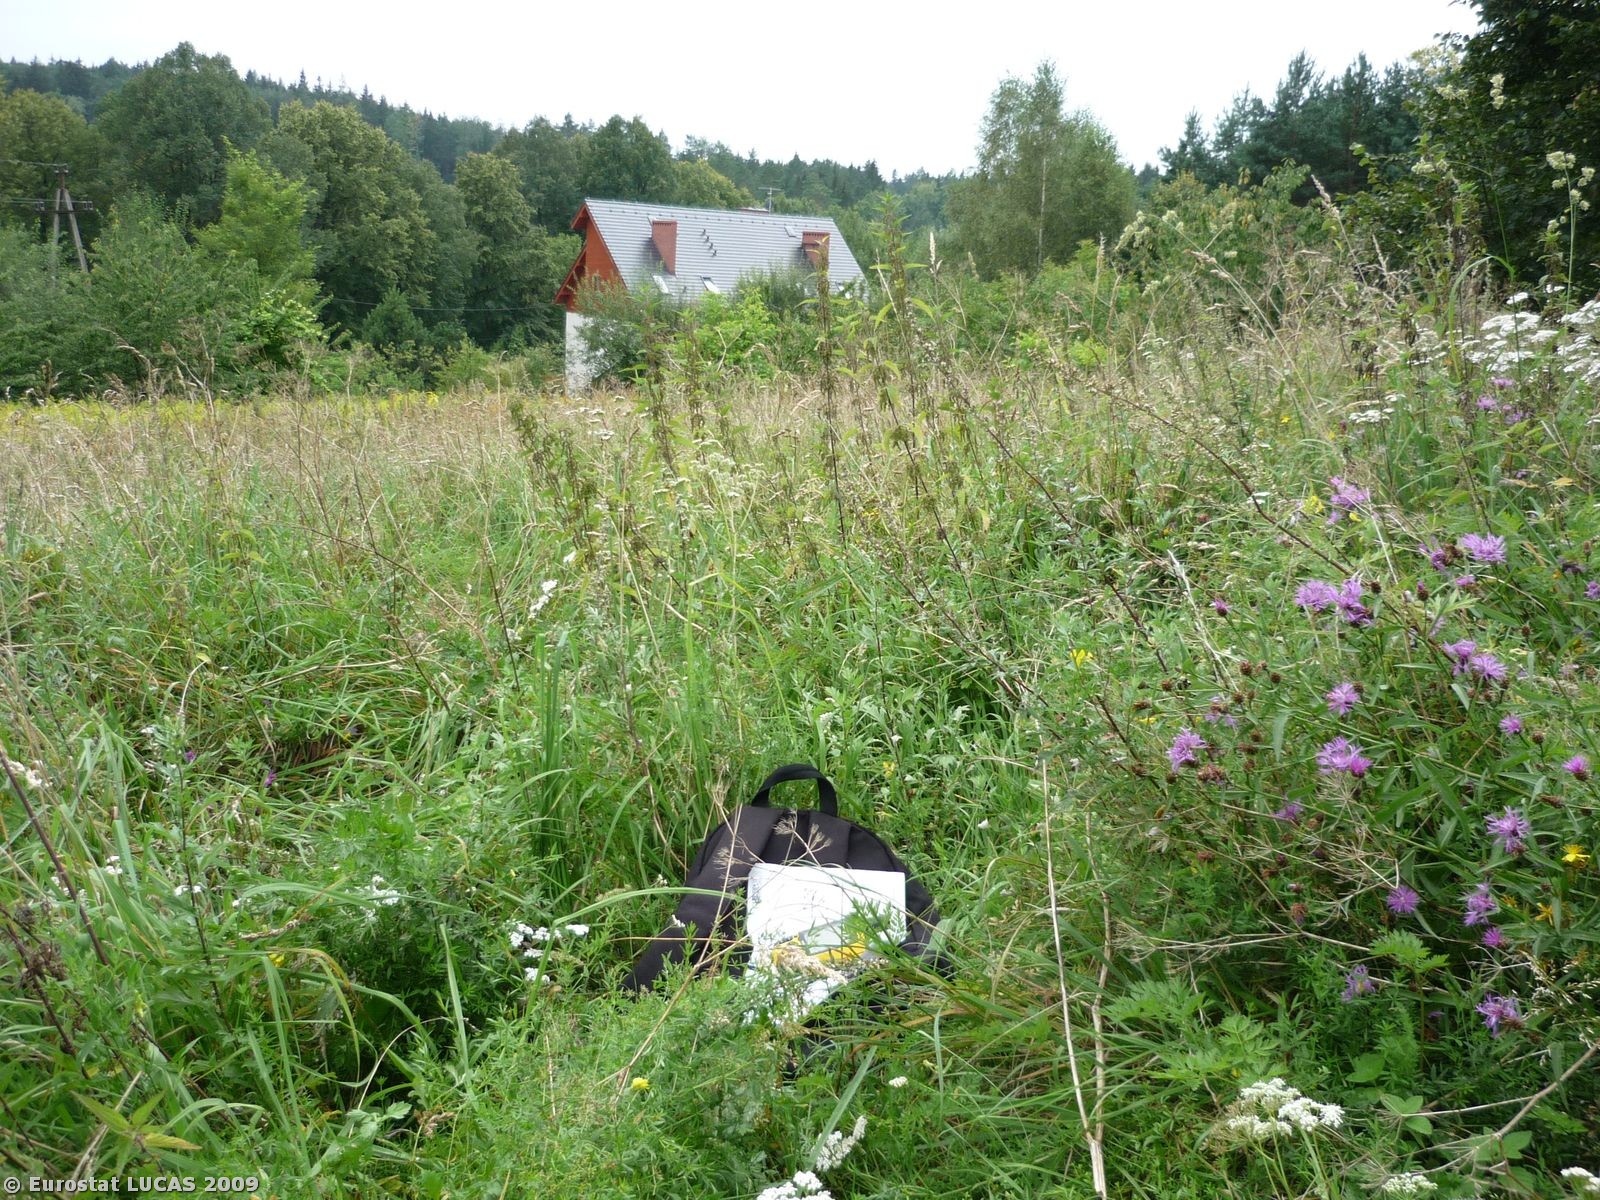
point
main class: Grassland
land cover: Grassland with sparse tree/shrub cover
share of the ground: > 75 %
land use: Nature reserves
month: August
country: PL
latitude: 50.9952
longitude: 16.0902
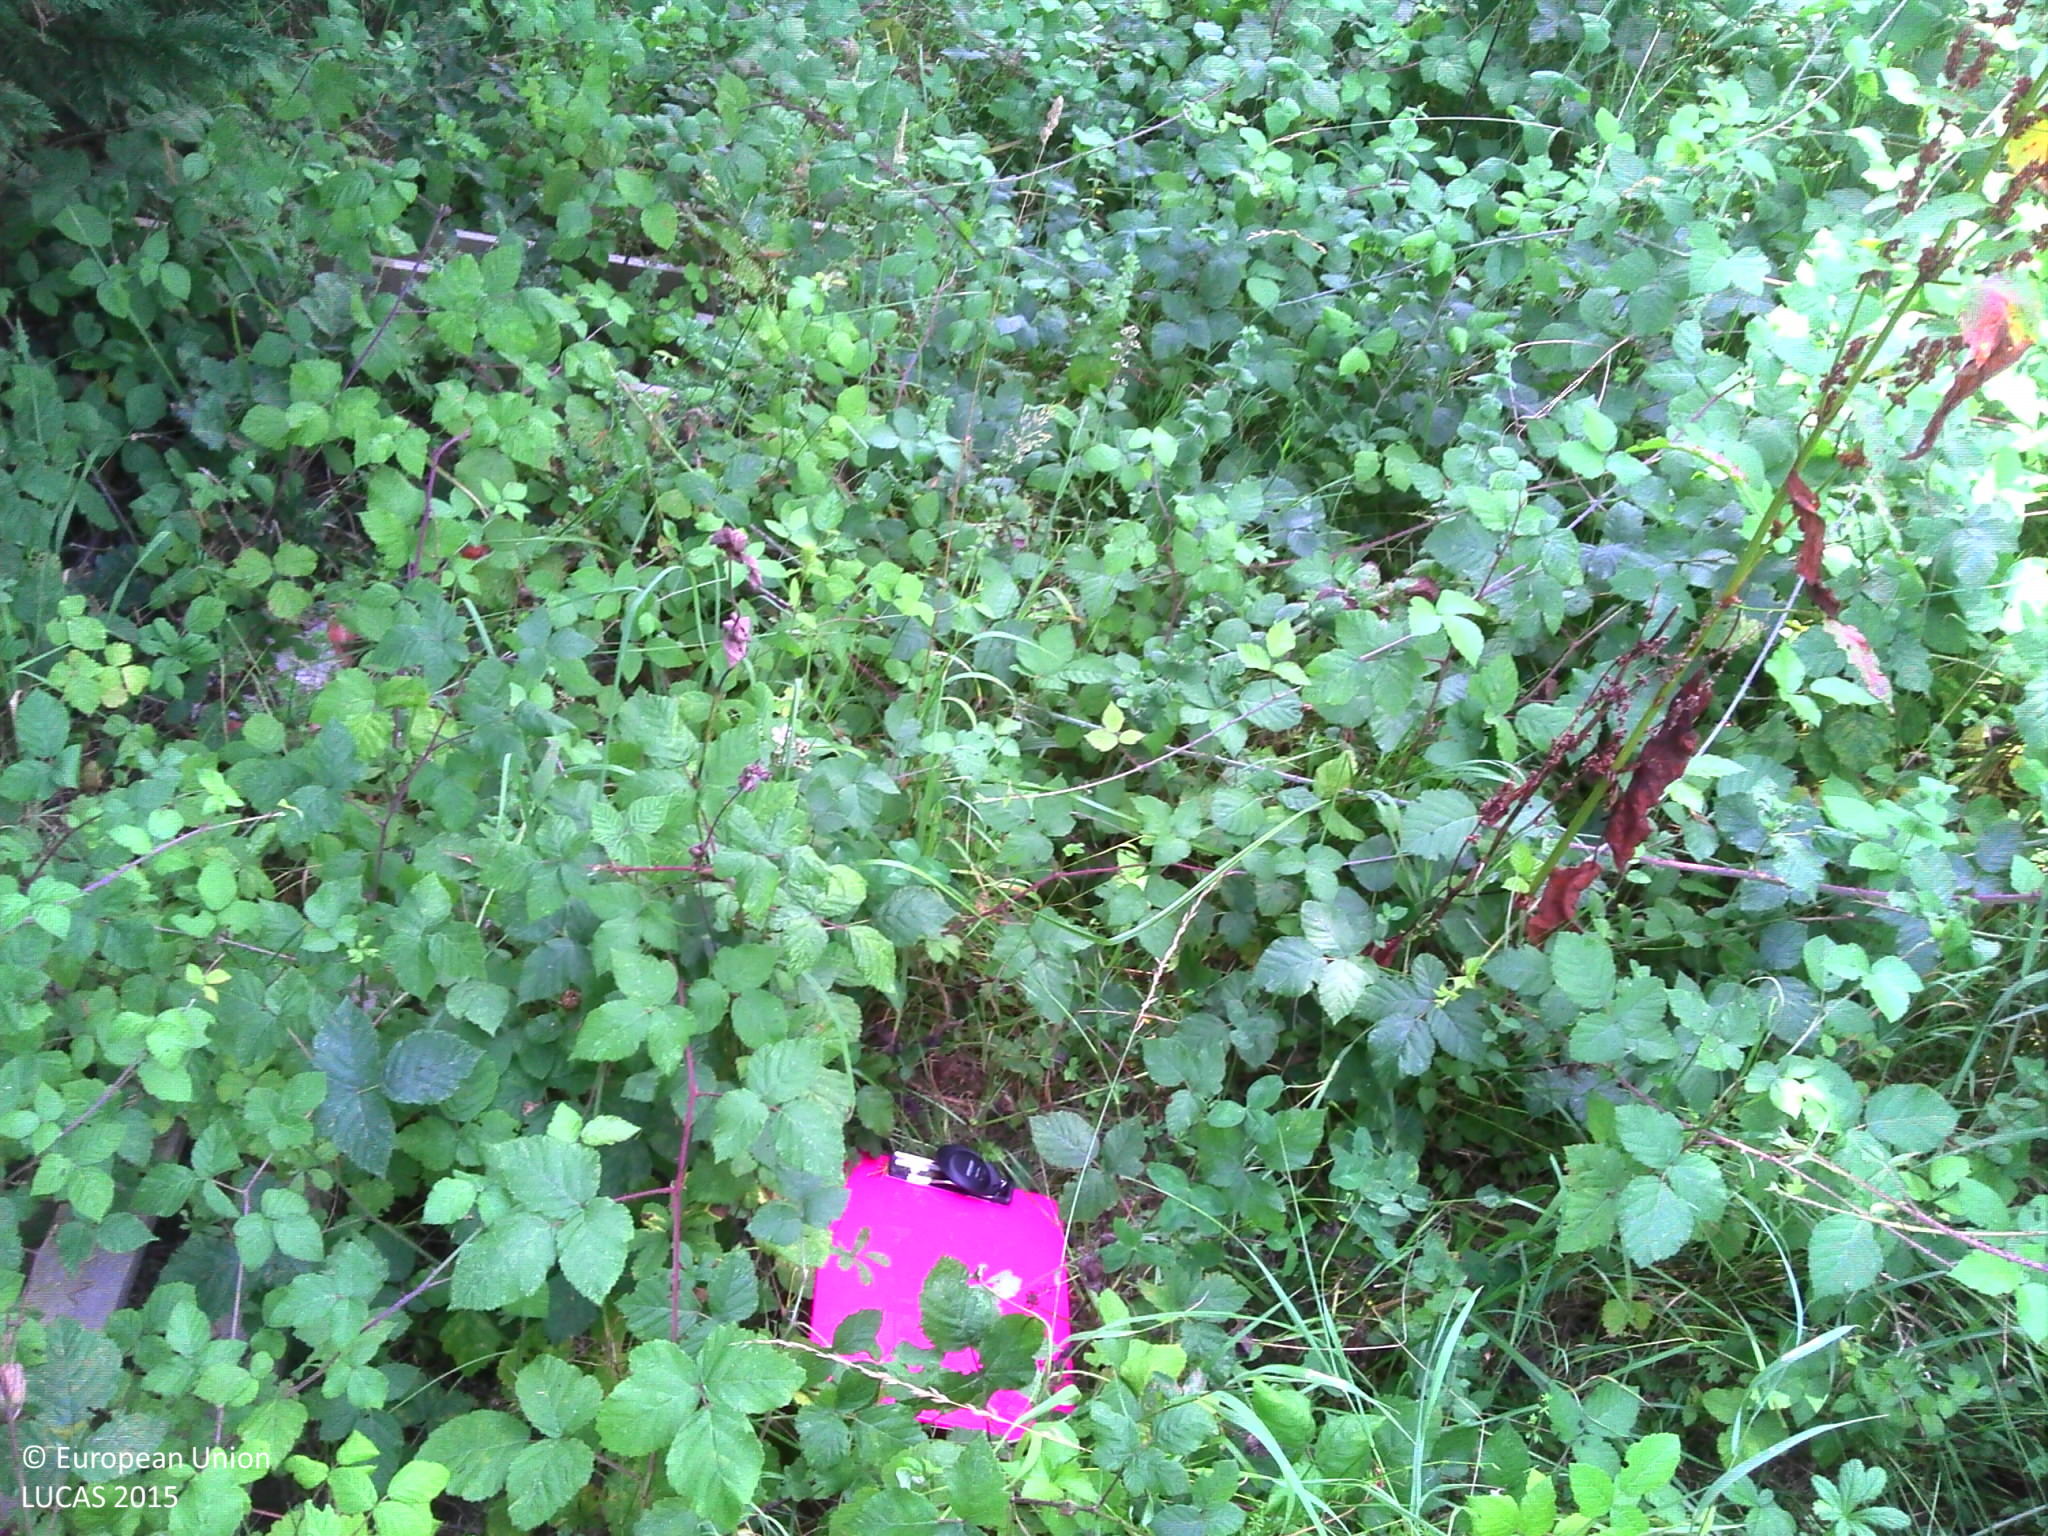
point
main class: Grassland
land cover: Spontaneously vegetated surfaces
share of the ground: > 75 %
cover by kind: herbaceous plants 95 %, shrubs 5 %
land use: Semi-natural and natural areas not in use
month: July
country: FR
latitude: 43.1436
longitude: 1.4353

○ ○ ○ ○ ○

▶ _What the task asks_:
Repeat the listing above word for word and leave its images out.

▶ _Answer section_:
point
main class: Grassland
land cover: Grassland with sparse tree/shrub cover
share of the ground: > 75 %
land use: Nature reserves
month: August
country: PL
latitude: 50.9952
longitude: 16.0902
point
main class: Grassland
land cover: Spontaneously vegetated surfaces
share of the ground: > 75 %
cover by kind: herbaceous plants 95 %, shrubs 5 %
land use: Semi-natural and natural areas not in use
month: July
country: FR
latitude: 43.1436
longitude: 1.4353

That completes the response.